Curington said it may take the attorney general several months to answer those questions.

Joy Daugherty, now 85, is unapologetic about her foundation's latest bequests.

"I do what I damn well want with my money," she said. "I'm the driver of this car."

Robert Daugherty says he has not unduly influenced his new wife in matters of generosity.

"There is nobody in this town who has given the way this lady has," he said. "If anyone thinks I came into this relationship and pressured her, they don't know her."

Yet foundation attorney Robert H. Waltuch now says board members got some bad advice on the use of foundation money. He is in discussions with the attorney general and vows to make amends if needed.

"We will right the ship," Waltuch said. "We will do what's necessary to make sure this foundation operates correctly under state and federal law."

The widow's revenge

The saga of the Culverhouse estate dates to early 1993, when Hugh Culverhouse Sr. was diagnosed with a recurrence of lung cancer and decided to put the bulk of his assets into a trust. It was then that he obtained his wife's signature on a 29-page postnuptial agreement.

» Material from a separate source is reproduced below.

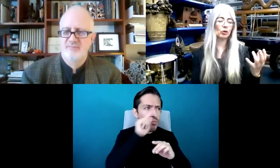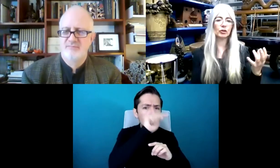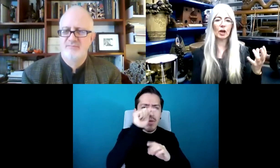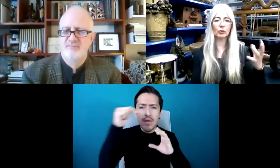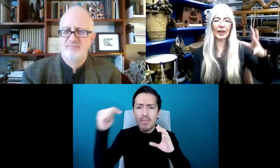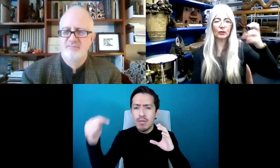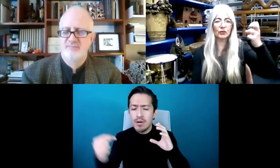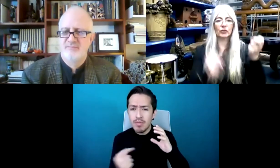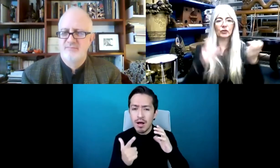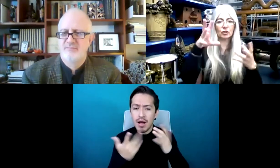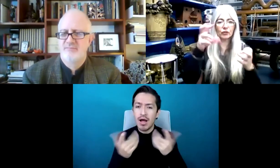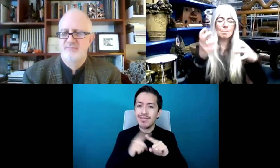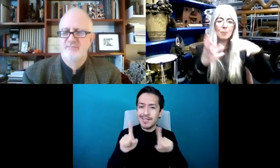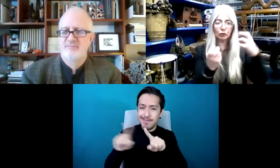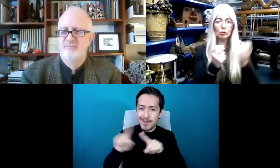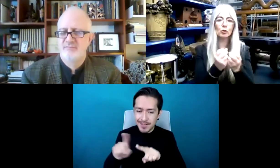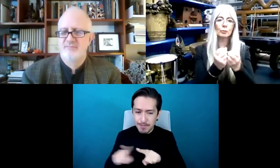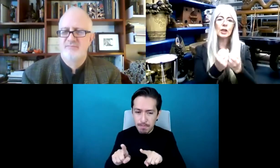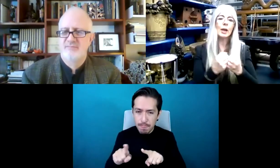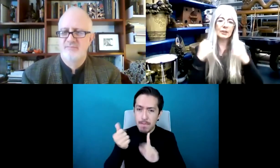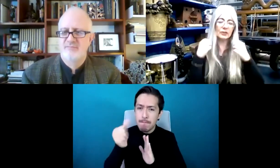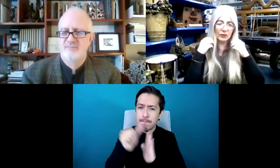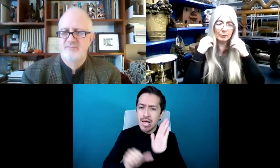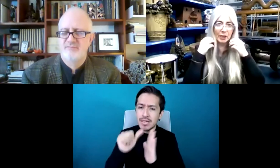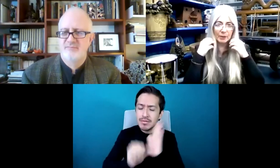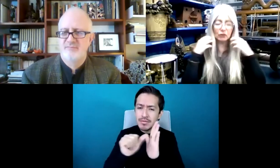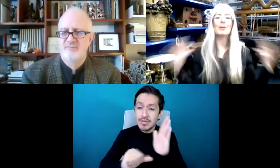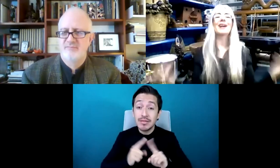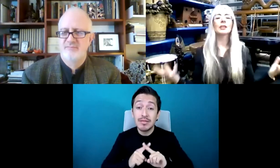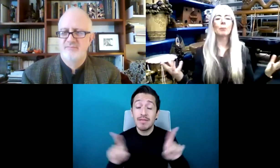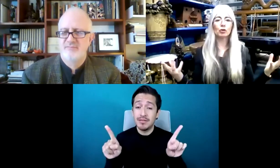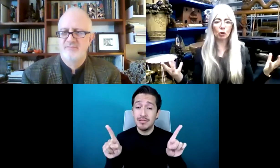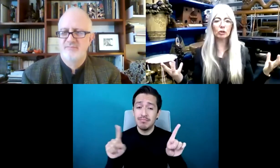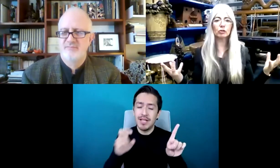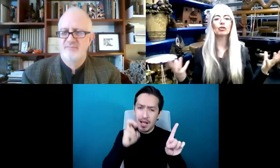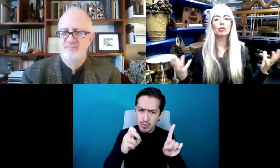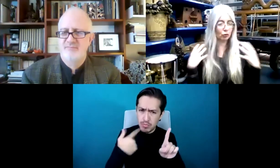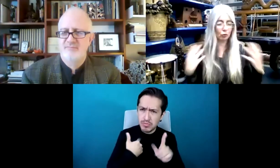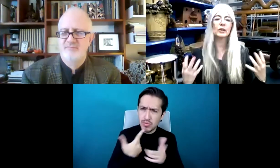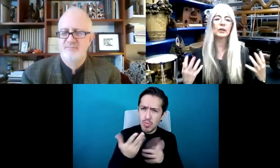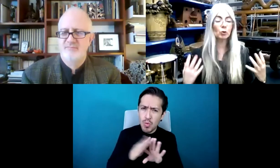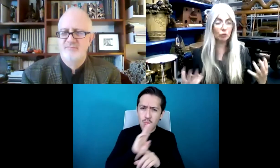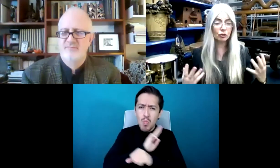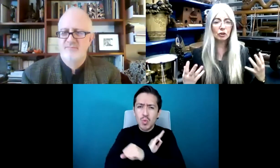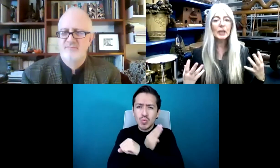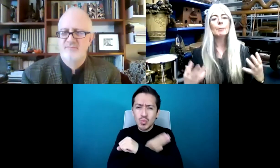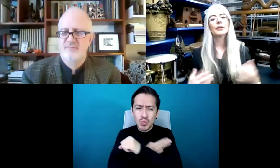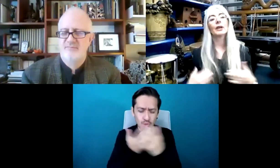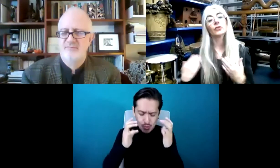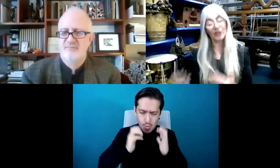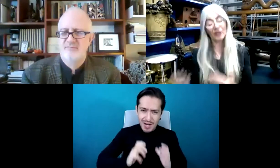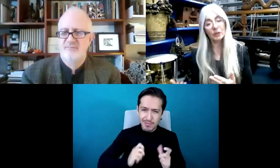hice cada mes y eso me permitió ejercitar distintos músculos, pero también seguir

Hugh and Joy Culverhouse had married after graduating from the University of Alabama in 1942. They met while she was on a date with a Delta Kappa Epsilon fraternity brother of his and he challenged her to a game of Ping-Pong.

She was an accomplished golfer, so skilled she won a spot on the men's golf team in college and went on to win 200 amateur tournaments. She studied social work. He studied accounting and law.

After marrying, Hugh did a stint in the Air Force, then worked for the Alabama attorney general and the IRS, handling tax investigations of organized crime figures identified in the Sen. Estes Kefauver hearings. Joy stayed home and took care of the couple's two children, Hugh Jr. and Gay.

Drawing on his experience as the IRS chief counsel for Florida, Culverhouse began his private law practice in Jacksonville in 1956 and quickly attracted an upper-crust clientele.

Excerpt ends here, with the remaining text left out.